Additionally, the ARIMA model outperformed the ETS model regarding AIC and BIC values. Nevertheless, unlike the ARIMA model, the ETS model had a smaller ME value. The residuals from the ETS model had a substantially smaller p-value than the ARIMA model.

However, our project has some limitations, which make the project not perfect enough and need to be improved in the future. We only compared the RMSE values in the training and testing sets between the ARIMA and the ETS model. Although RMSE value is the most important factor in determining a better model between two models, we should also consider other values, such as AIC and BIC values. Moreover, the residuals from the ARIMA model were not consistent with the white noise since their p-value was significantly greater than that estimated from the ETS model. Furthermore, although the ARIMA model is better than the ETS model, it may not be the best model for forecasting future birth rates. We only chose the ARIMA and the ETS models in our project since we used them most of the time in our course and knew much about them. However, we did not compare these two models with other models due to limitations to the knowledge and usage of other models.

6. Conclusions

Through the data processing, we finally conclude that the log-transformed growth factor of original birth rate data after one differencing is the best data to use since its p-value is significantly smaller than the significance level at 5%, which makes our time series stationary.
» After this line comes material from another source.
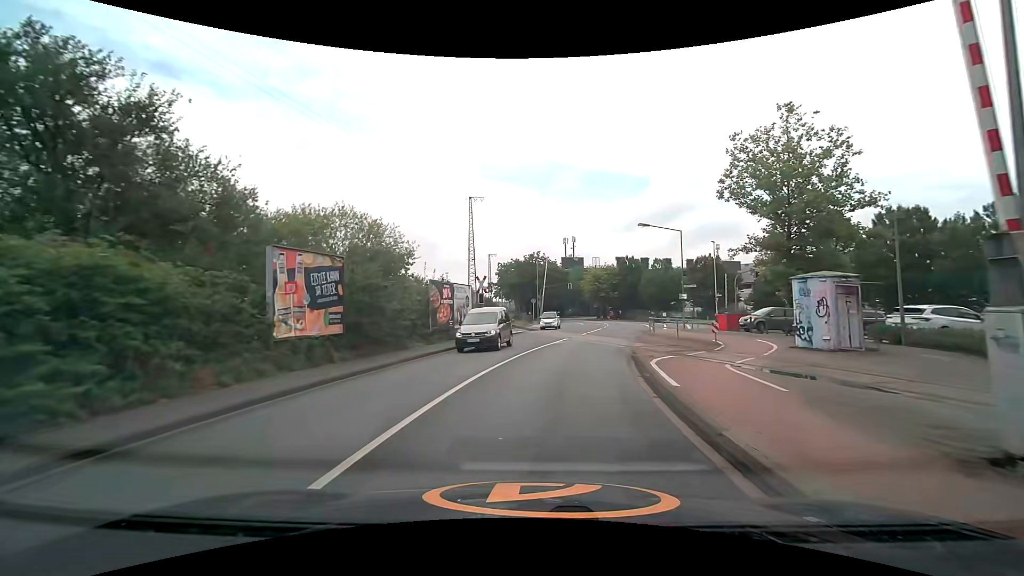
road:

We have applied the ARIMA and the ETS model, respectively, in our training set of the birth rate data. According to the accuracy test results, the ARIMA(0,0,1) model is a more appropriate model for forecasting the birth rates in China in the future. According to our forecast by ARIMA(0,0,1) model, the difference between the growth factor from year to year would be 0 in the following 5 years from 2022. We conclude that the birth rate in China will decrease at a constant rate of 0.117 each year in these five years. Therefore, the fertility rate in China is now facing an unprecedented crisis. Our future research direction may probably focus on what kinds of social or economic factors would affect the birth rate. We would probably search for several articles or journals on relevant academic websites about the related factors affecting the fertility rate. Then, we would conduct an in-depth study on how these factors could affect changes in the fertility rate. We would extract datasets from the relevant websites and analyze the relationship between these related factors and the birth rate, which could be calculated using time series models in R studio. We would use the best time series model to forecast the changes in the birth rate when there are any changes in these related factors. Finally, we would also conduct research on what measures we would take to improve the situation of the low fertility rate in China in the future. We would consult academic literature on how government policies, such as maternity benefits or welfare measures, could help ameliorate the low fertility rate crisis. These academic materials could better help us learn about the causes of the low fertility rates and propose better solutions to reverse the current circumstance of the low fertility rate in our country.